# [Task material]
==========

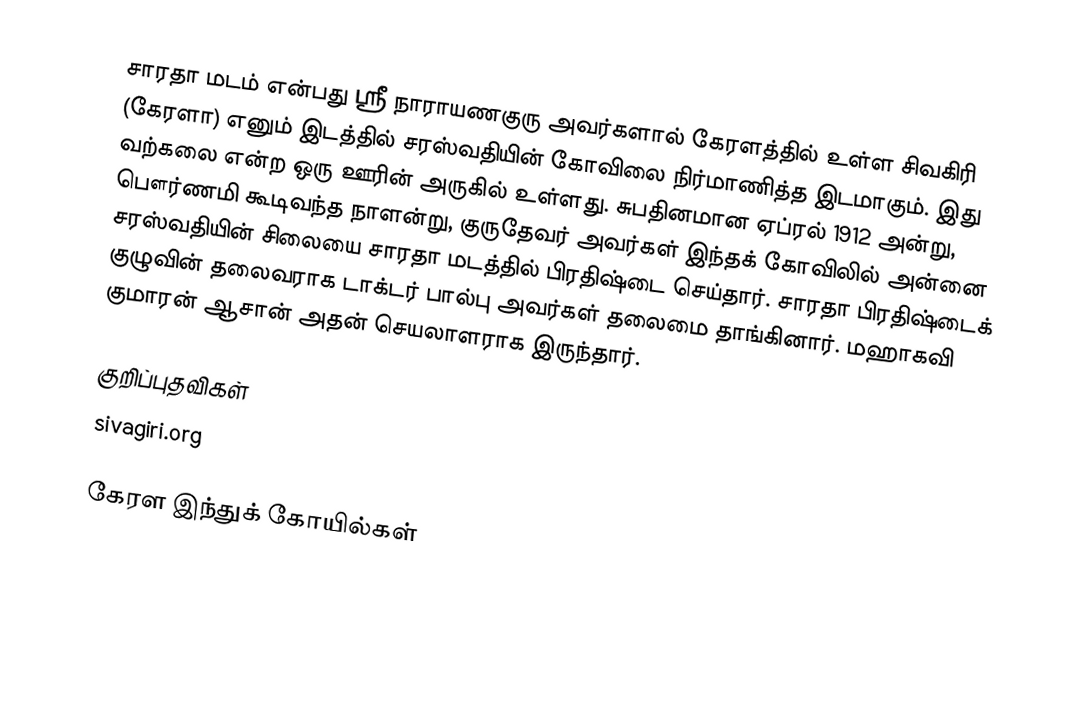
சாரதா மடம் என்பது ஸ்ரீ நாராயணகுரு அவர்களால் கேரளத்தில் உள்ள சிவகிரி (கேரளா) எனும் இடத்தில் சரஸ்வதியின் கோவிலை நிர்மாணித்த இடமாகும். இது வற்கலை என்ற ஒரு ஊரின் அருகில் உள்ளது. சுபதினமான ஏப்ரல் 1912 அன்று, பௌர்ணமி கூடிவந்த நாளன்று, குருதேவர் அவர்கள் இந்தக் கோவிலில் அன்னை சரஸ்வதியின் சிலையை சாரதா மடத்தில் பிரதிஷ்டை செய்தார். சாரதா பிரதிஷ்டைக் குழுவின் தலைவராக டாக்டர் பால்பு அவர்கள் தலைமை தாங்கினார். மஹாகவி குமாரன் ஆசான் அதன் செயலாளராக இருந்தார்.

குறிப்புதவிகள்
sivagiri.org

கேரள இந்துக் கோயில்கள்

==========

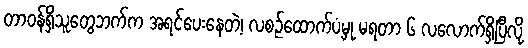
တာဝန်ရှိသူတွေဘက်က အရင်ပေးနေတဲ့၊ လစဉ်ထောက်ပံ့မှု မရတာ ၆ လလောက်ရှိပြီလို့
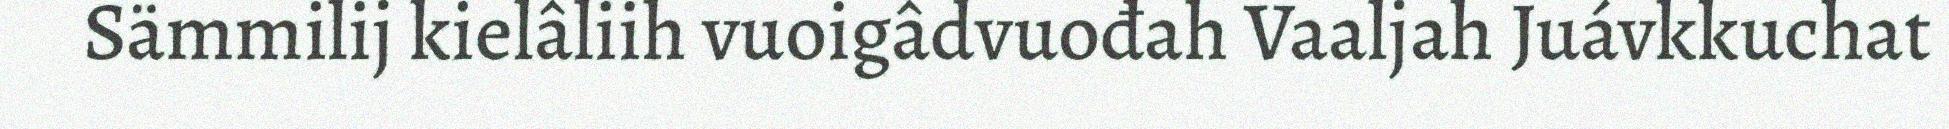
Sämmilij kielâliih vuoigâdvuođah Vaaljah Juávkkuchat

==========

# [Action item]
Please output exactly the lines between the one holding "சாரதா மடம் என்பது" and the one holding "கேரள இந்துக் கோயில்கள்" in the records above, inclusive, and nothing more.

# [Response to this task]
சாரதா மடம் என்பது ஸ்ரீ நாராயணகுரு அவர்களால் கேரளத்தில் உள்ள சிவகிரி (கேரளா) எனும் இடத்தில் சரஸ்வதியின் கோவிலை நிர்மாணித்த இடமாகும். இது வற்கலை என்ற ஒரு ஊரின் அருகில் உள்ளது. சுபதினமான ஏப்ரல் 1912 அன்று, பௌர்ணமி கூடிவந்த நாளன்று, குருதேவர் அவர்கள் இந்தக் கோவிலில் அன்னை சரஸ்வதியின் சிலையை சாரதா மடத்தில் பிரதிஷ்டை செய்தார். சாரதா பிரதிஷ்டைக் குழுவின் தலைவராக டாக்டர் பால்பு அவர்கள் தலைமை தாங்கினார். மஹாகவி குமாரன் ஆசான் அதன் செயலாளராக இருந்தார்.

குறிப்புதவிகள்
sivagiri.org

கேரள இந்துக் கோயில்கள்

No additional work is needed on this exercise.